Task details
Pictures stay out; print the rest of the listing below exactly as it stands.

Records provided
________

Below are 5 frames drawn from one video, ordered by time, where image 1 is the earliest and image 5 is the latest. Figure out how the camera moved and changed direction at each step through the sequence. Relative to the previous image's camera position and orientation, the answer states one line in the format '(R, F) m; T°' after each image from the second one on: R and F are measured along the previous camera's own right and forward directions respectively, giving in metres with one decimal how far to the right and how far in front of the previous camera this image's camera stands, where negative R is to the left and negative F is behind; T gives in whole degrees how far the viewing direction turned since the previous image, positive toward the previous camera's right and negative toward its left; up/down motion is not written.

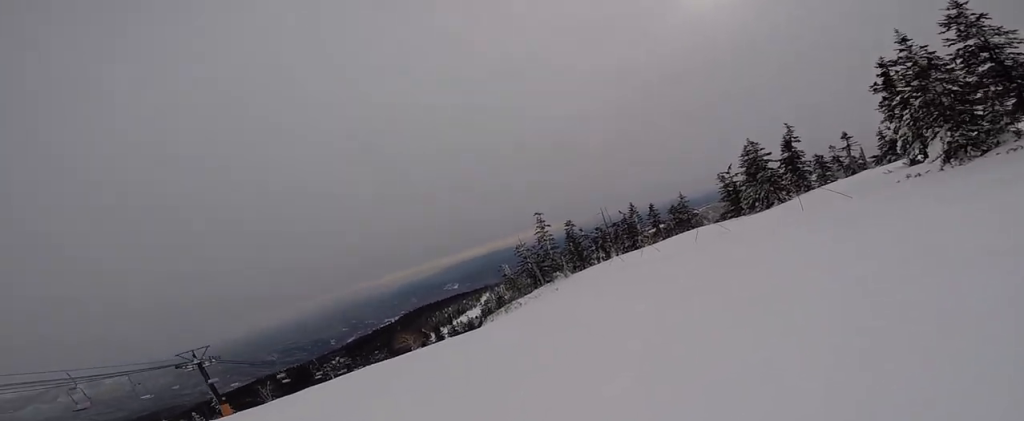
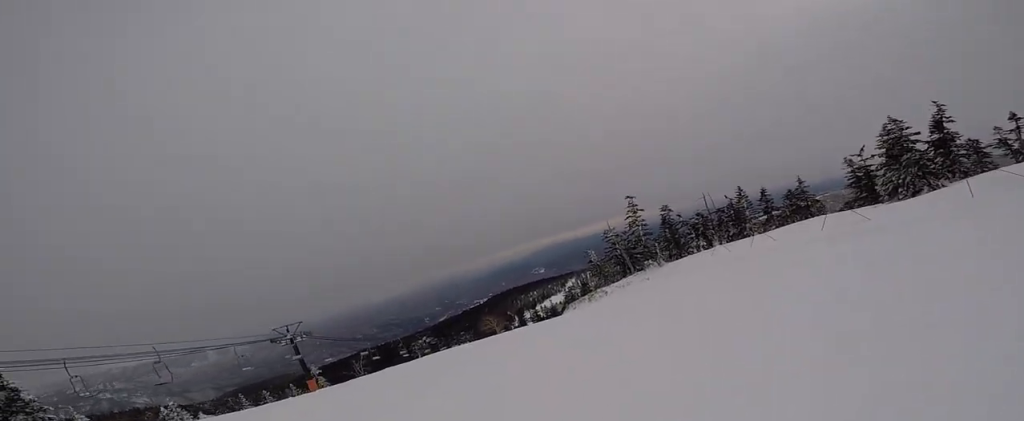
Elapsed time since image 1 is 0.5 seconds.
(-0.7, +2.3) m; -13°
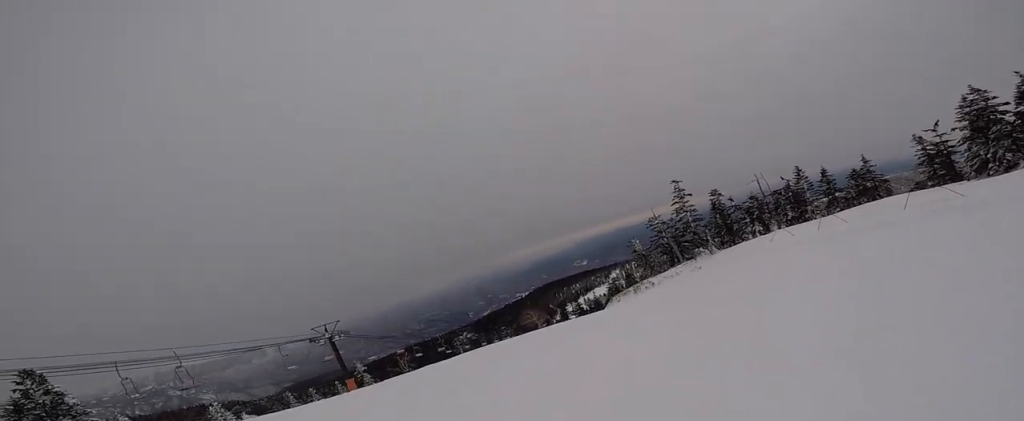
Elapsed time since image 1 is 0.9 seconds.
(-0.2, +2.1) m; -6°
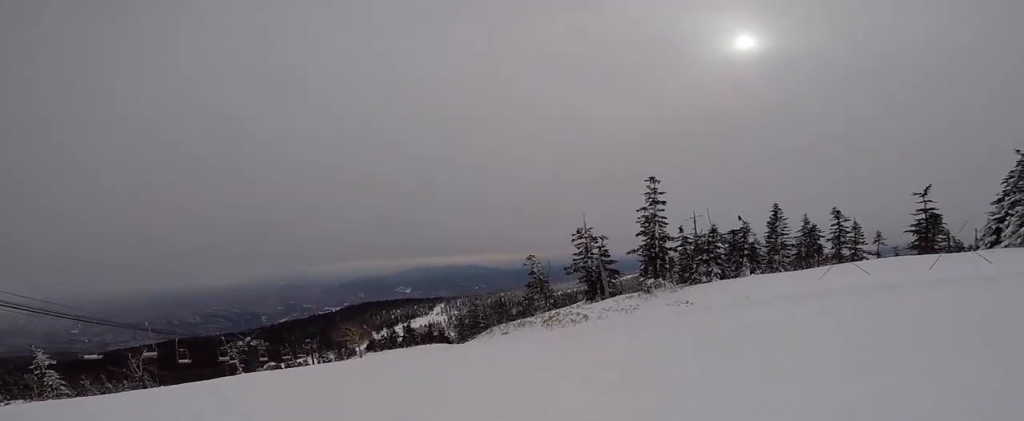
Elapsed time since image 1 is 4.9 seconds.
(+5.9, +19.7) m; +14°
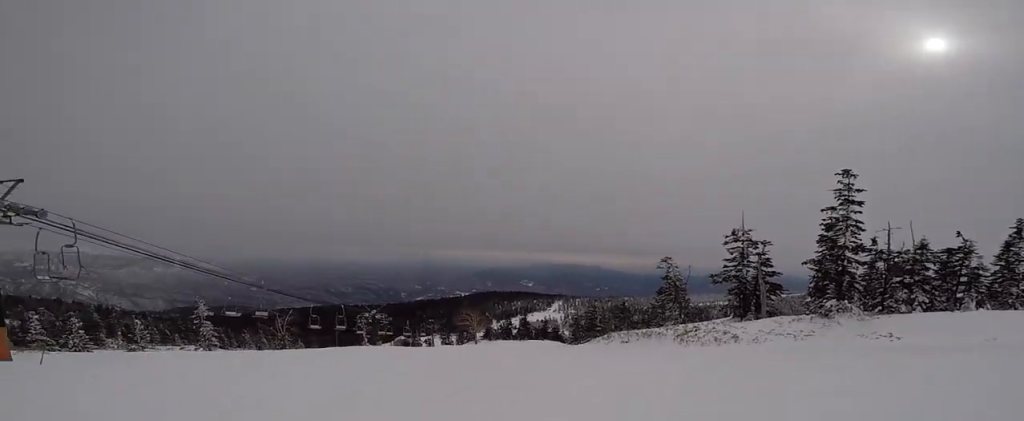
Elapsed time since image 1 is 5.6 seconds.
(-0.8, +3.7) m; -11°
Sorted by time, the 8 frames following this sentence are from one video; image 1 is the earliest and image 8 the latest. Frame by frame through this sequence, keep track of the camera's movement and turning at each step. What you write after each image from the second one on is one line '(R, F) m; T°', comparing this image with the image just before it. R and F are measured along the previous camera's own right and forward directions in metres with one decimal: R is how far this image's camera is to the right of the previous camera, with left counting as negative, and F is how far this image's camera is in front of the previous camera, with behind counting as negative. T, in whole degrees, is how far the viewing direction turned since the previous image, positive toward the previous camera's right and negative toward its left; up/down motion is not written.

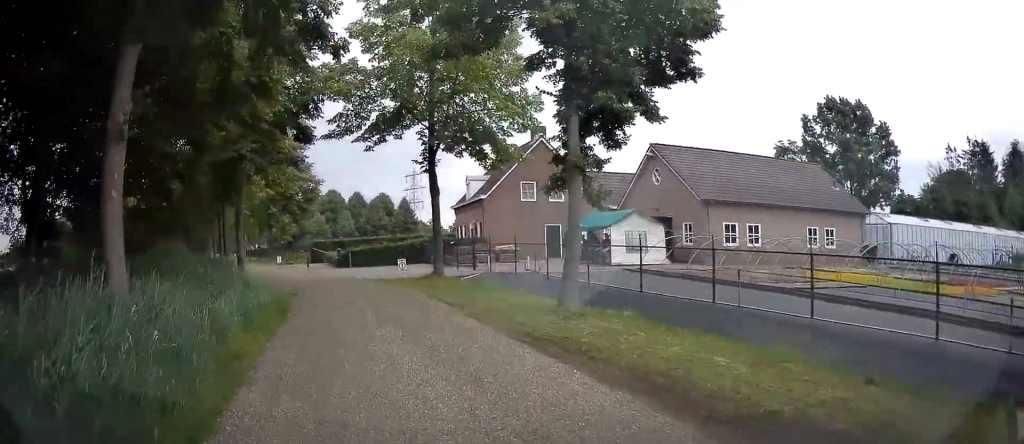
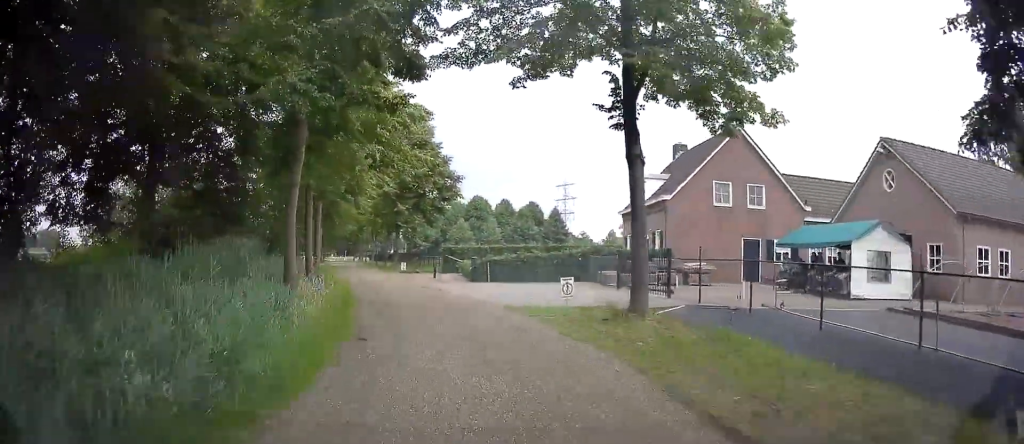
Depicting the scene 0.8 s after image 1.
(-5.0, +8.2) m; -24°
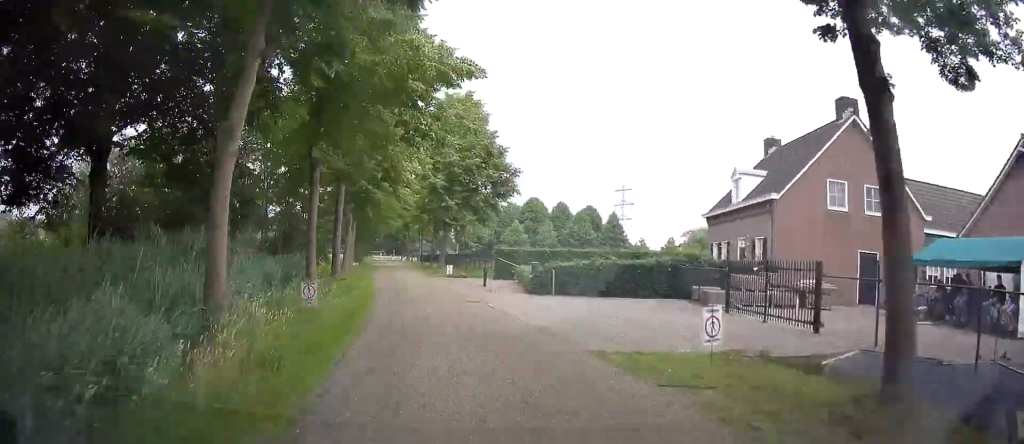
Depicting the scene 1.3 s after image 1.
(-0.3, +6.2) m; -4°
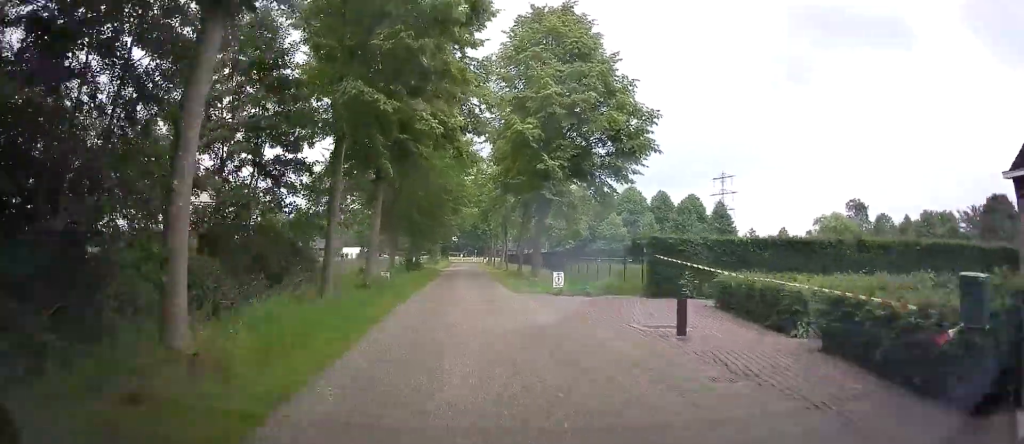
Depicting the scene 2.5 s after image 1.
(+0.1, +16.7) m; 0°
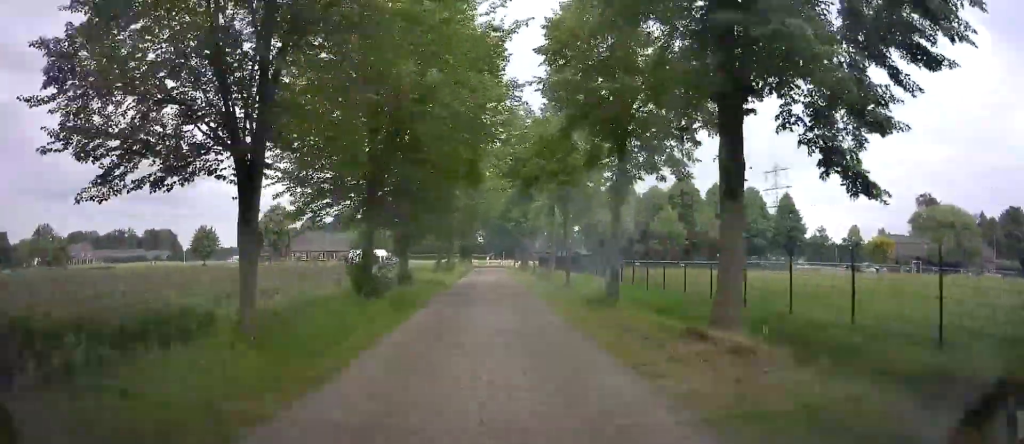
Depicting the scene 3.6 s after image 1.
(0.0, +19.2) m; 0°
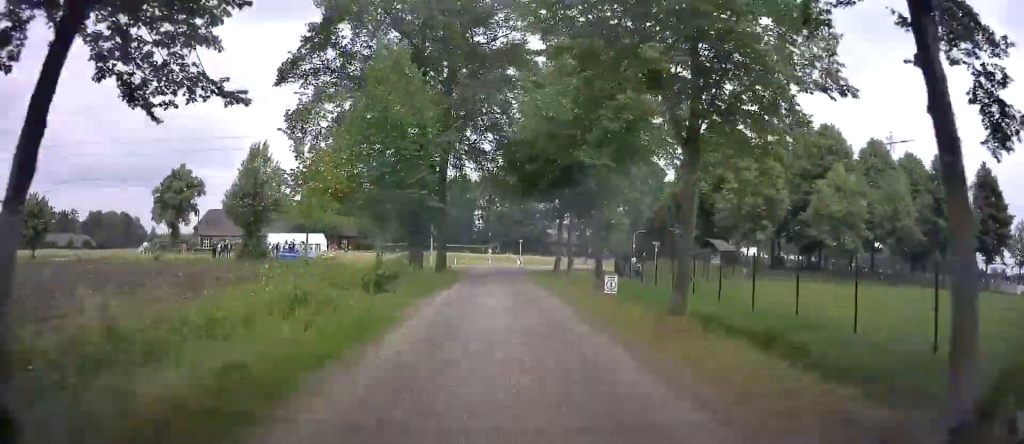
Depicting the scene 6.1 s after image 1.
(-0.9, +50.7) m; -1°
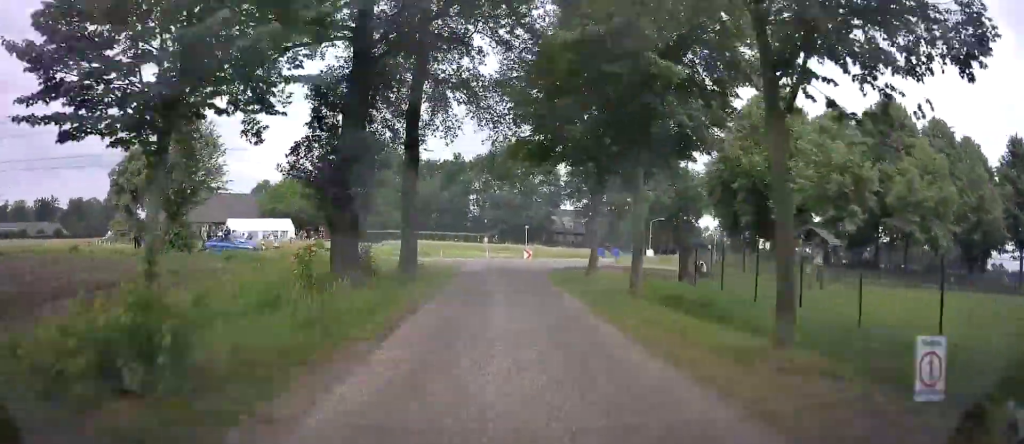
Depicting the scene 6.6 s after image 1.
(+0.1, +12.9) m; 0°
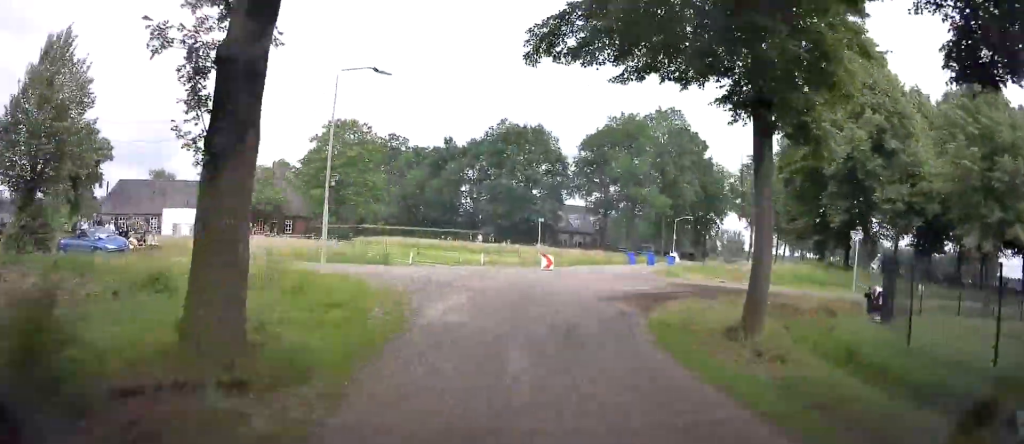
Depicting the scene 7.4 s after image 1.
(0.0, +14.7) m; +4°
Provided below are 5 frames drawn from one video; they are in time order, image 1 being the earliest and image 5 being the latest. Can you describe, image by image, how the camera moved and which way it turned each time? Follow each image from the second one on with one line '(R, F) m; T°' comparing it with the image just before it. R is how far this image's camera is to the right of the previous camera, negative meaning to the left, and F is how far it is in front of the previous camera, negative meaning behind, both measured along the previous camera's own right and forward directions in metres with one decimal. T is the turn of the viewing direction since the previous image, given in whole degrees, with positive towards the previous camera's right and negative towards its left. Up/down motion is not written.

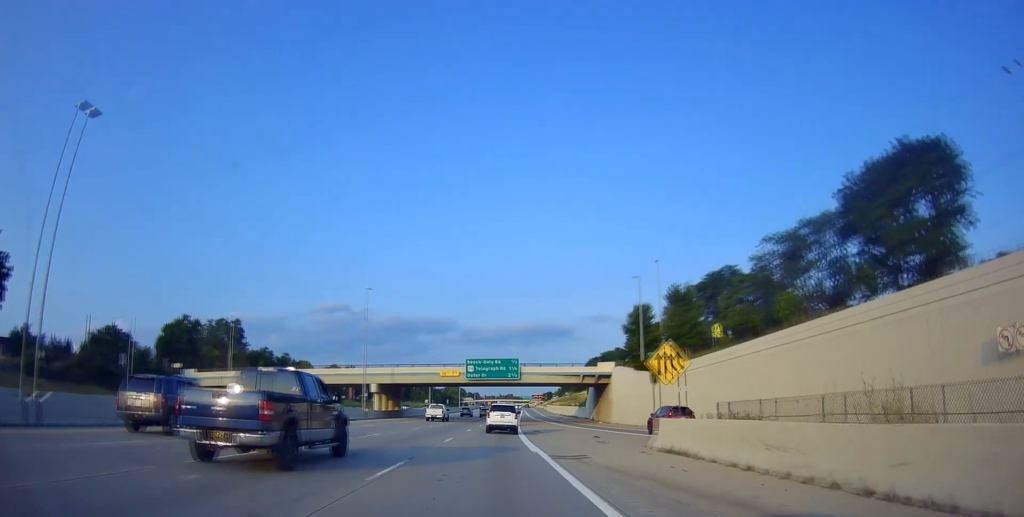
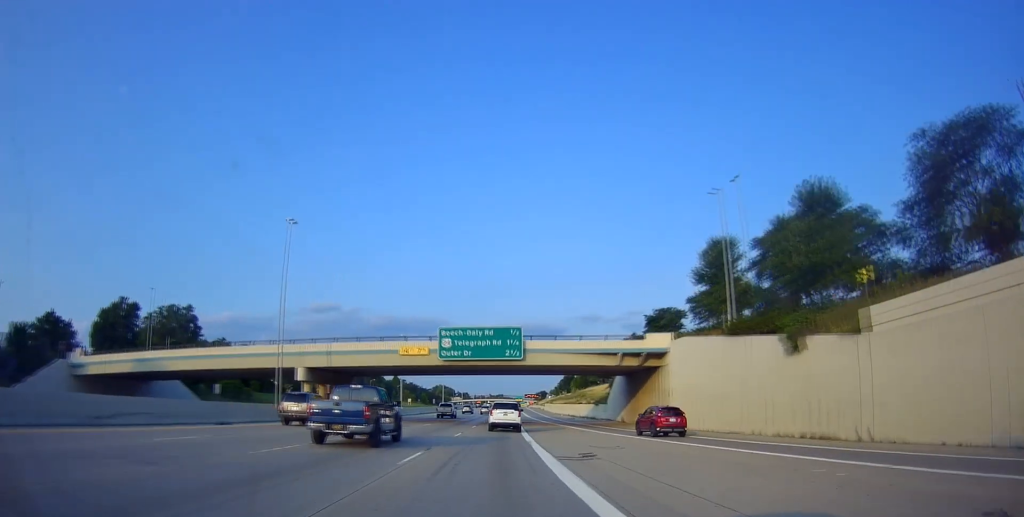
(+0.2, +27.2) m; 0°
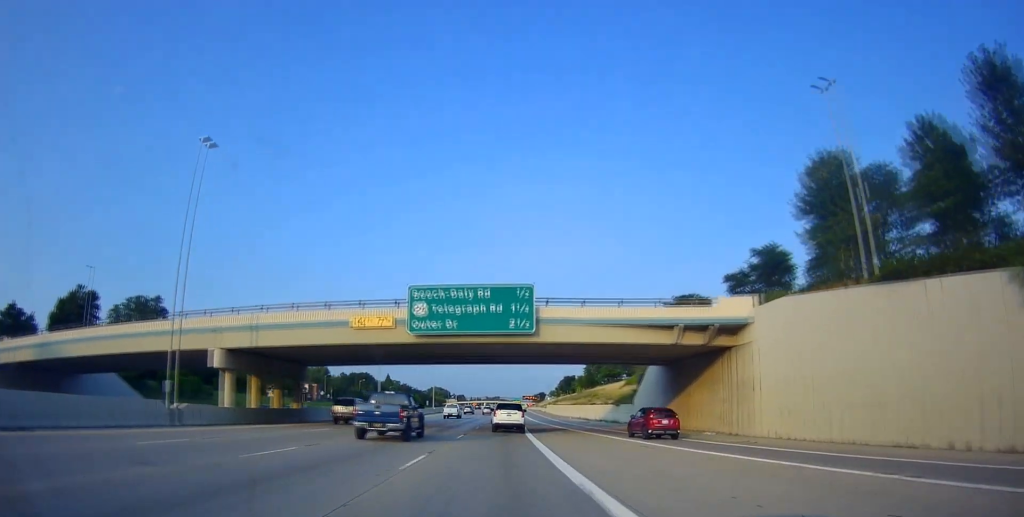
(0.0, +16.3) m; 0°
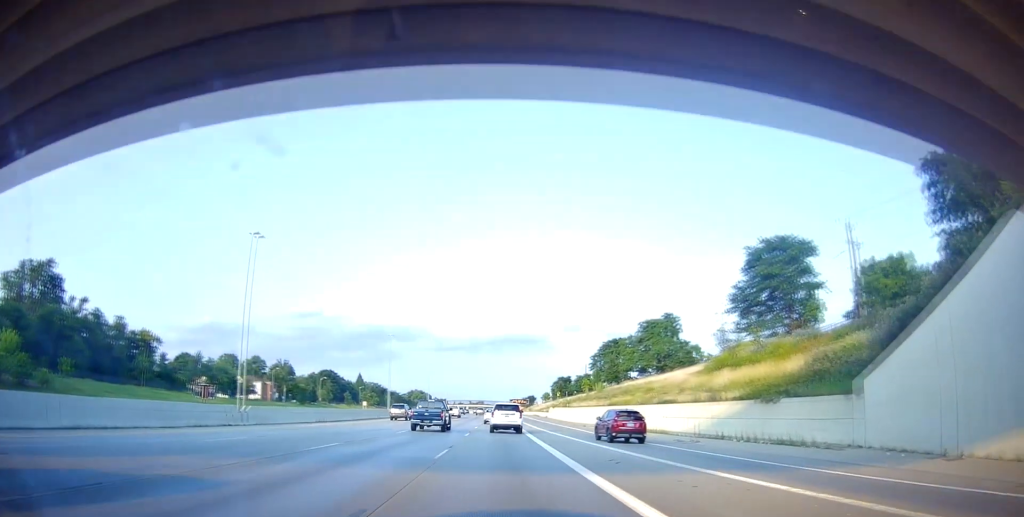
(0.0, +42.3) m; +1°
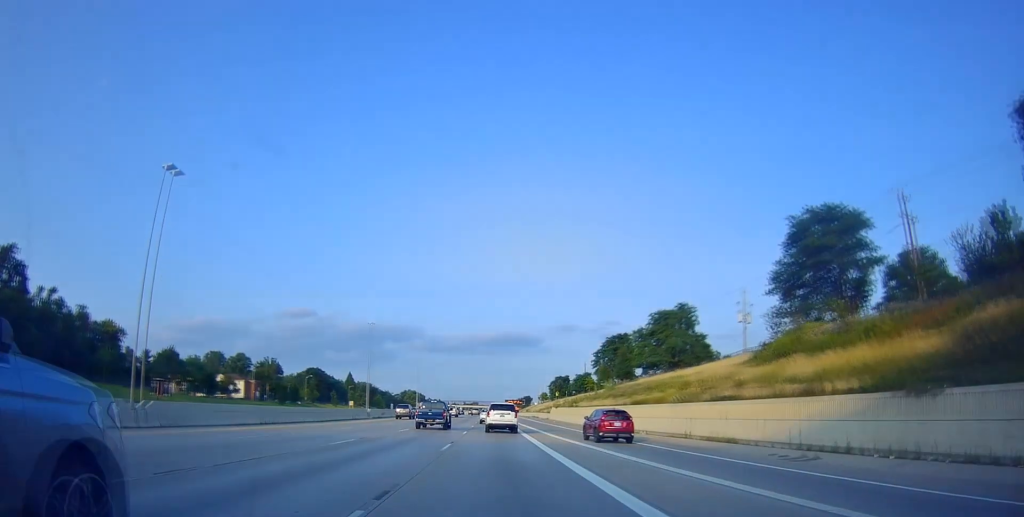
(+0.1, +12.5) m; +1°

________

Problem solution
Below are 5 frames drawn from one video, ordered by time, where image 1 is the earliest and image 5 is the latest. Figure out how the camera moved and changed direction at each step through the sequence. Relative to the previous image's camera position and orientation, the answer states one line in the format '(R, F) m; T°' after each image from the second one on: R and F are measured along the previous camera's own right and forward directions respectively, giving in metres with one decimal how far to the right and how far in front of the previous camera this image's camera stands, where negative R is to the left and negative F is behind; T gives in whole degrees how far the viewing direction turned since the previous image, positive toward the previous camera's right and negative toward its left; up/down motion is not written.

Elapsed time since image 1 is 0.5 seconds.
(-0.7, +2.3) m; -13°
Elapsed time since image 1 is 0.9 seconds.
(-0.2, +2.1) m; -6°
Elapsed time since image 1 is 4.9 seconds.
(+5.9, +19.7) m; +14°
Elapsed time since image 1 is 5.6 seconds.
(-0.8, +3.7) m; -11°
Sorted by time, the 8 frames following this sentence are from one video; image 1 is the earliest and image 8 the latest. Frame by frame through this sequence, keep track of the camera's movement and turning at each step. What you write after each image from the second one on is one line '(R, F) m; T°', comparing this image with the image just before it. R and F are measured along the previous camera's own right and forward directions in metres with one decimal: R is how far this image's camera is to the right of the previous camera, with left counting as negative, and F is how far this image's camera is in front of the previous camera, with behind counting as negative. T, in whole degrees, is how far the viewing direction turned since the previous image, positive toward the previous camera's right and negative toward its left; up/down motion is not written.

Depicting the scene 0.8 s after image 1.
(-5.0, +8.2) m; -24°
Depicting the scene 1.3 s after image 1.
(-0.3, +6.2) m; -4°
Depicting the scene 2.5 s after image 1.
(+0.1, +16.7) m; 0°
Depicting the scene 3.6 s after image 1.
(0.0, +19.2) m; 0°
Depicting the scene 6.1 s after image 1.
(-0.9, +50.7) m; -1°
Depicting the scene 6.6 s after image 1.
(+0.1, +12.9) m; 0°
Depicting the scene 7.4 s after image 1.
(0.0, +14.7) m; +4°
Provided below are 5 frames drawn from one video; they are in time order, image 1 being the earliest and image 5 being the latest. Can you describe, image by image, how the camera moved and which way it turned each time? Follow each image from the second one on with one line '(R, F) m; T°' comparing it with the image just before it. R is how far this image's camera is to the right of the previous camera, negative meaning to the left, and F is how far it is in front of the previous camera, negative meaning behind, both measured along the previous camera's own right and forward directions in metres with one decimal. T is the turn of the viewing direction since the previous image, given in whole degrees, with positive towards the previous camera's right and negative towards its left. Up/down motion is not written.

(+0.2, +27.2) m; 0°
(0.0, +16.3) m; 0°
(0.0, +42.3) m; +1°
(+0.1, +12.5) m; +1°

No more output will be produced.